Hi,
Occasionally a nvshmem prog fails to init; the more GPUs, the worse it gets. The error on stdout is:
src/comm/transports/ibrc/ibrc.cpp:516: non-zero status: 101 ibv_modify_qp failed
src/comm/transports/ibrc/ibrc.cpp:1425: non-zero status: 7 ep_connect failed
src/comm/transports/ibrc/ibrc.cpp:1490: non-zero status: 7 transport create connect failed
src/comm/transport.cpp:111: non-zero status: 7 endpoint connection failed
src/init/init.cpp:689: non-zero status: 7 nvshmem setup connections failed
src/coll/host/barrier.cpp:nvshmem_barrier_all:35: nvshmem initialization failed, exiting
The installed MLNX OFED is 5.0, and wonder if that could be the cause?
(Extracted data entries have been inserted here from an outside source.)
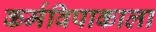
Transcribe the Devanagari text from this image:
कर्मविपाकाला
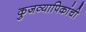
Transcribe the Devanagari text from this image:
कुजव्यापिकांची
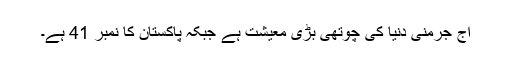
آج جرمنی دنیا کی چوتھی بڑی معیشت ہے جبکہ پاکستان کا نمبر 41 ہے۔
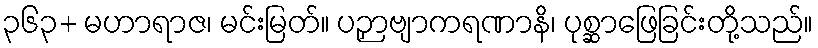
၃၆၃+ မဟာရာဇ၊ မင်းမြတ်။ ပဉှာဗျာကရဏာနိ၊ ပုစ္ဆာဖြေခြင်းတို့သည်။
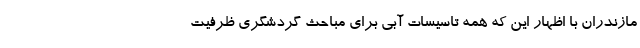
مازندران با اظهار این که همه تاسیسات آبی برای مباحث گردشگری ظرفیت
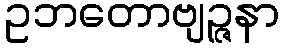
ဥဘတောဗျဉ္ဇနာ
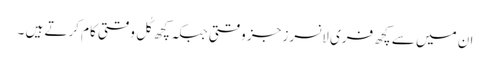
ان میں سے کچھ فری لانسرز جز وقتی جبکہ کچھ کُل وقتی کام کرتے ہیں ۔
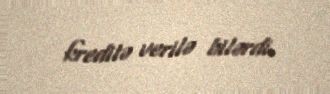
kreditə verilə bilərdi.
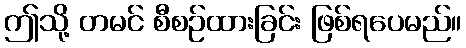
ဤသို့ တမင် စီစဉ်ထားခြင်း ဖြစ်ရပေမည်။
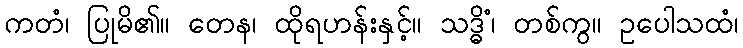
ကတံ၊ ပြုမိ၏။ တေန၊ ထိုရဟန်းနှင့်။ သဒ္ဓိံ၊ တစ်ကွ။ ဥပေါသထံ၊
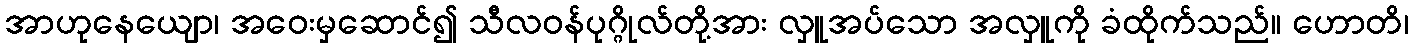
အာဟုနေယျော၊ အဝေးမှဆောင်၍ သီလဝန်ပုဂ္ဂိုလ်တို့အား လှူအပ်သော အလှူကို ခံထိုက်သည်။ ဟောတိ၊

root@n001:~# modinfo nv_peer_mem
filename: /lib/modules/5.4.0-122-generic/updates/dkms/nv_peer_mem.ko
version: 1.3-0
license: Dual BSD/GPL
description: NVIDIA GPU memory plug-in
author: Yishai Hadas
srcversion: EEBE62BF9E5B1A64F1BD327
depends: ib_core,nvidia
retpoline: Y
name: nv_peer_mem
vermagic: 5.4.0-122-generic SMP mod_unload modversions
signat: PKCS#7
signer:
sig_key:
sig_hashalgo: md4
parm: enable_dbg:enable debug tracing (int)
root@n001:~# modinfo gdrdrv
filename: /lib/modules/5.4.0-122-generic/updates/dkms/gdrdrv.ko
version: 2.3
description: GDRCopy kernel-mode driver
license: MIT
author: drossetti@nvidia.com
srcversion: 236C99123346132C4D71397
depends: nv-p2p-dummy
retpoline: Y
name: gdrdrv
vermagic: 5.4.0-122-generic SMP mod_unload modversions
signat: PKCS#7
signer:
sig_key:
sig_hashalgo: md4
parm: dbg_enabled:enable debug tracing (int)
parm: info_enabled:enable info tracing (int)
Please advice!
Rgds,
Tor